Tim Vickers had a great response to this that I don’t think I could ever improve upon:

“How close you get to the findings of current scientific research depends on which article you are talking about. You are right that the article on ‘RNA’ should be written like a good general textbook and only discuss the basics that we all agree on. ‘Non-coding RNA’ can go into more detail on this specialised topic, and might mention some current research, but still be based on material taken from reviews and textbooks. Finally, the article on ‘RNase MRP’ could summarise the state of current research on this particular non-coding RNA and largely use journal articles as references. The articles in Wikipedia therefore form a chain leading from the most general introductions to the most specific and technical – the amount of primary publications it is appropriate to reference depends on where in this chain you are contributing.”

5. The articles themselves should be free.

The articles are indeed all free to publish and open access. Please read the guidelines properly before making this comment.

6. In a bioinform article, Masanori Arita was quoted at length criticising wikis in general. His main issue seemed to be that

“wiki pages are independent of each other, so that changes made on any one page are not replicated on pages with related information.”

Now I’m no Wikipedia expert, but I imagine one could use something like Templates or simply link to relevant page that contains the core information. For example, each page about a new RNA family should link to the ncRNA article, which will give further core information, and which in turn links to the RNA article. This is solved simply by Tim’s chain mentioned above. To be honest I’m not sure this criticism makes much sense in this context. If you want normalised hierarchical information then use a normalised hierarchical database. I very much doubt that encyclopedic information will ever fit neatly into this sort of schema.


Finally, these are the very early days of an interesting and fragile idea. There are any number of things that could go wrong that we haven’t foreseen. What we need for this to work is input from the RNA community. We’ve already had some interest from a few noted researchers, so hopefully we’ll see a few more articles and families like SmY RNA. If you have anything you think might be interesting, feel free to drop me an email at pg5@sanger.ac.uk.


[1] Paul P. Gardner and Alex G. Bateman “A home for RNA families at RNA Biology”. RNA Biology, January 2009

[2] J. Daub, P. P. Gardner, J. Tate, D. Ramskold, M. Manske, W. G. Scott, Z. Weinberg, S. Griffiths-Jones & A. Bateman (2008): The RNA WikiProject: Community annotation of RNA families. RNA (New York, N.Y.)
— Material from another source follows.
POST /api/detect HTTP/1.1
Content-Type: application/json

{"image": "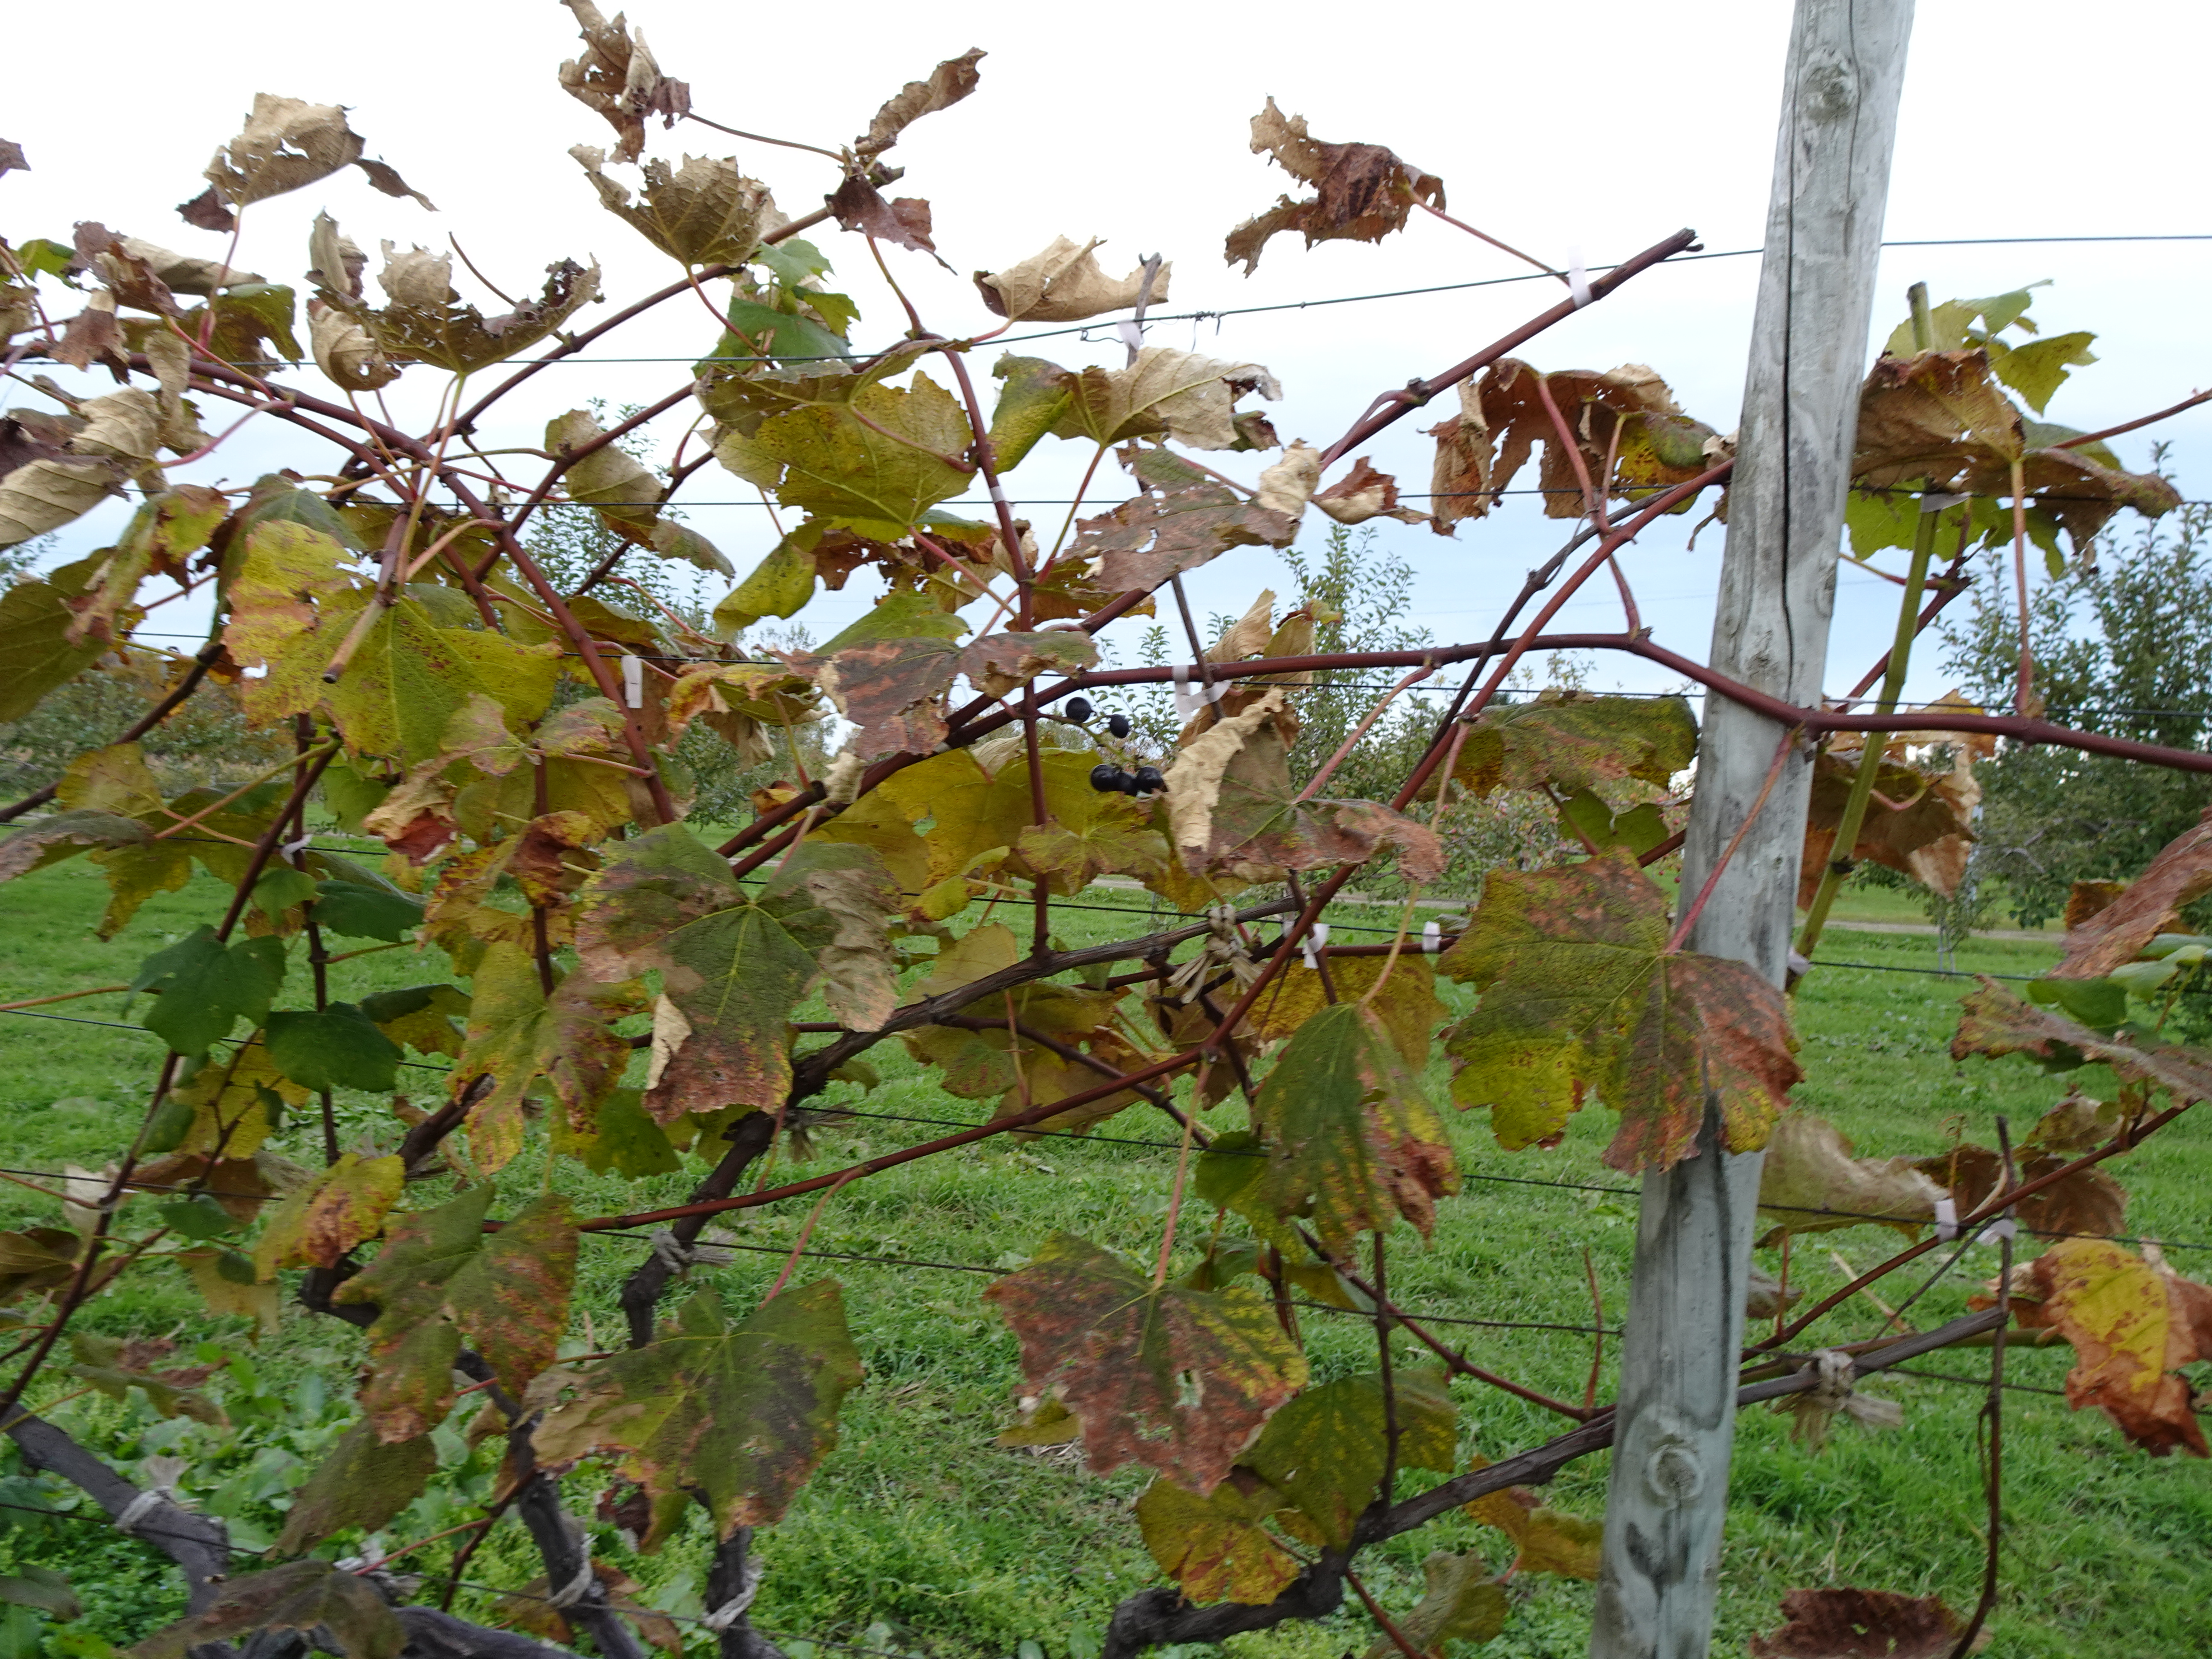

[3] Thomas A. Jones, Wolfgang Otto, Manja Marz, Sean R. Eddy, Peter F. Stadler (2009) A survey of nematode SmY RNAs RNA Biology 6:1; 5-8

3 Responses to “Rfam, RNA Biology and Wikipedia in the news”

  1. [...] have taken data from the Rfam database [3], and put it all into regular wikipedia. This project got quite a lot of media attention back in February. In this case, the primary advantages of “letting go of data” by [...]

  2. Andrea Says:

    This is a very novel approach to advancing open science and open data in a more visible form – bravo! I’m looking forward to hearing more about how it works out.

    Promoting useful contributions can be difficult, but it seems that you’ve hit the nail on the head by engineering a system that requires very little overhead by contributors and pays off very well in the academic currency of citations. This sort of incentive-centered design, which convinces individuals to act in their own rational self-interest to the betterment of the commons, leverages the social and technical resources in a way that seems almost guaranteed to succeed.

    • Paul Gardner Says:

      Many thanks for your kind comments Andrea. The new track with RNA Biology has been going well. We are getting a steady trickle of useful and interesting contributions from all over the RNA community. I hope it continues!